Scareware

I used to have an almost unhealthy obsession with computer viruses and hacking. The bookcase in our (currently) spare room is testament to this. I would have prefered to read one of these tomes to something fictitious.

OH  has recently written about being “the guy who’s good with computers” over on his blog. He mentions one of the recent fixing jobs he’s done and questions the users ability with a computer. You see, not so long ago it used to be the case that in order for a virus, rat (remote access tool) or home page hijacker to get on to your (mostly windows) machine you would have to click on agree on some dodgy webpage. Mostly anyway. There were exceptions. The only exception that I had any direct contact with was conficker. The point is that scareware is now coming to us via xss (cross site scripting) on websites and is landing on our machines via ads on a legitimate page.

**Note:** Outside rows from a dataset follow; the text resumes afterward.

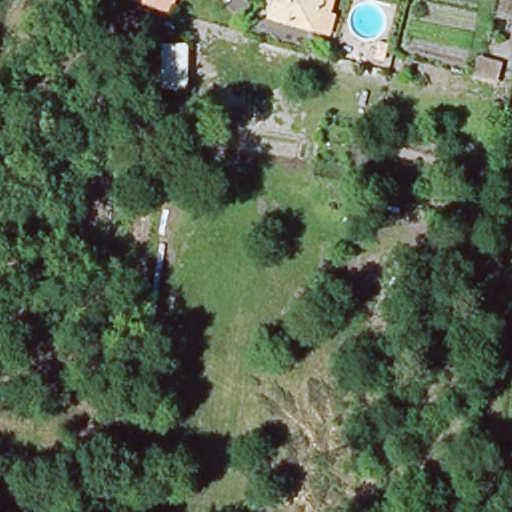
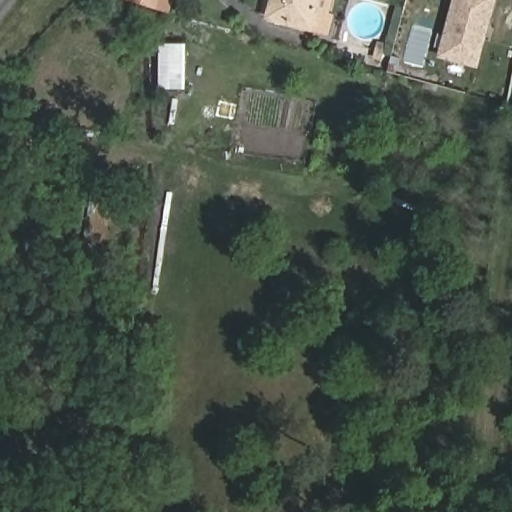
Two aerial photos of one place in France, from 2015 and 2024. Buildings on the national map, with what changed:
unchanged [(130,0),(175,0),(171,14),(130,0)]
unchanged [(331,17),(327,33),(268,16),(273,0),(330,0),(327,15),(331,17)]
new [(439,56),(454,0),(494,0),(476,66),(439,56)]
unchanged [(187,91),(161,91),(161,44),(187,43),(187,91)]
demolished [(501,61),(493,85),(472,78),(479,55),(501,61)]

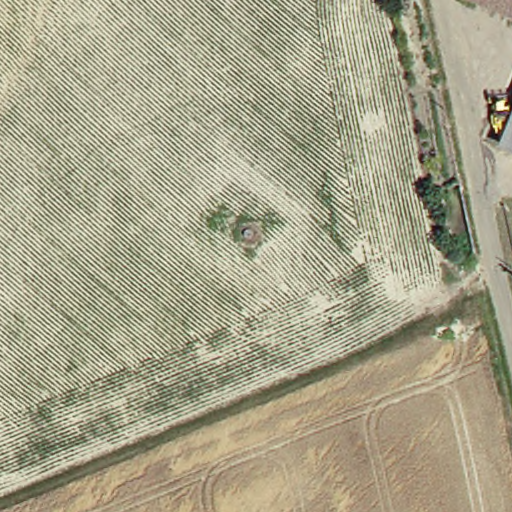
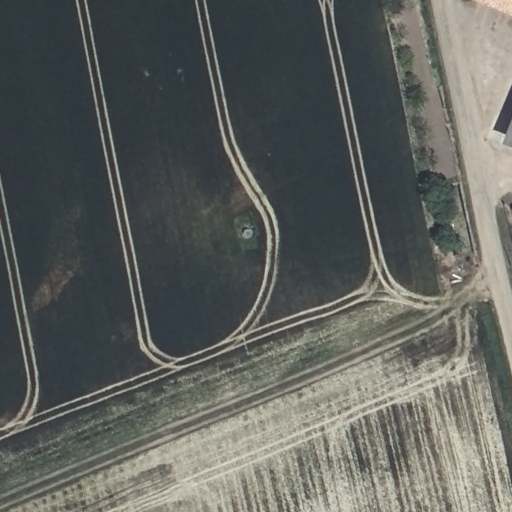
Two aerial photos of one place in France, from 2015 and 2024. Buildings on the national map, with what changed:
unchanged [(489,0),(512,0),(512,10),(489,0)]

They don’t ask to be installed, they just do it.

Now, this is not a user blindly clicking on agree, so questioning their clicking fingers when it comes to this type of infection is pointless. Before I went on maternity leave, I saw a lot of examples of this new breed of virus creeping onto pcs. The idea is an oldy but a goody.

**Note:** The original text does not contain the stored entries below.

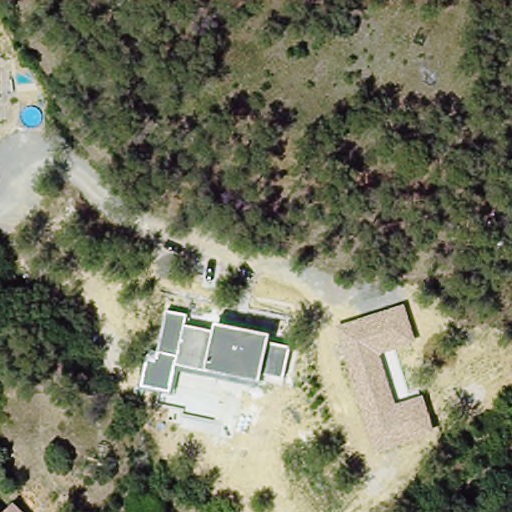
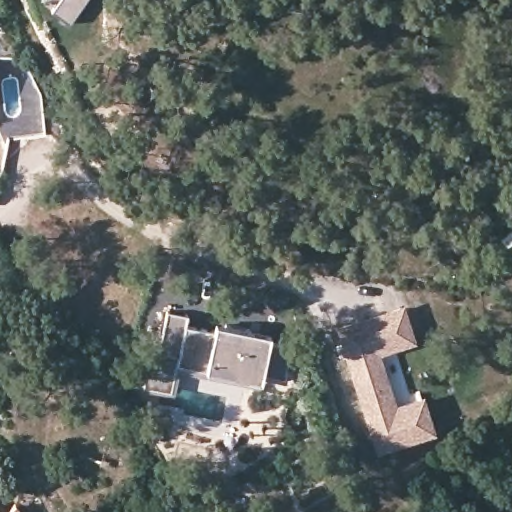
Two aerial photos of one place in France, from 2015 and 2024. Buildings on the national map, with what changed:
new [(70,23),(51,10),(58,0),(86,0),(70,23)]
unchanged [(338,326),(404,305),(416,342),(381,354),(397,404),(425,395),(436,432),(378,452),(338,326)]
unchanged [(149,350),(159,353),(168,310),(188,315),(186,326),(215,331),(217,322),(271,334),(269,342),(291,348),(285,377),(263,373),(261,381),(207,370),(177,364),(170,392),(141,386),(149,350)]
unchanged [(27,512),(11,512),(19,504),(27,512)]
unchanged [(2,512),(0,512),(0,510),(2,512)]

The scareware infiltrates your system then pops up advising that you have a virus. They also switch off any genuine anti-virus applications. If you attempt to run any diagnostic tools, you’ll be notified they are also infected. It then will prompt you to pay around £40-£50 to remove the multiple infections on your machine. As most end users are aware of the dangers of getting viruses on their machines, they panic thinking that they are.indeed infected by these 40 or so viruses that the scareware has picked up and will lose their data. It’s this that prompts a purchase and the scareware has won. These infections can be cleaned but they are not easy to get rid of and a complete reinstall is often quicker than trying to recover the system and remove all traces. The most recently infected machine I have seen required a return to factory settings.

Although (as far as I was aware and this may be incorrect as a further component may have been added) this breed of malware doesn’t intend to harm the machine (the basic premise is social engineering in order to extort) it normally does end up with a loss of data. Or at least internet favourites. So, it’s no longer the case that you have to click on something you shouldn’t to get infected but more a case of not being aware of a genuine virus warning.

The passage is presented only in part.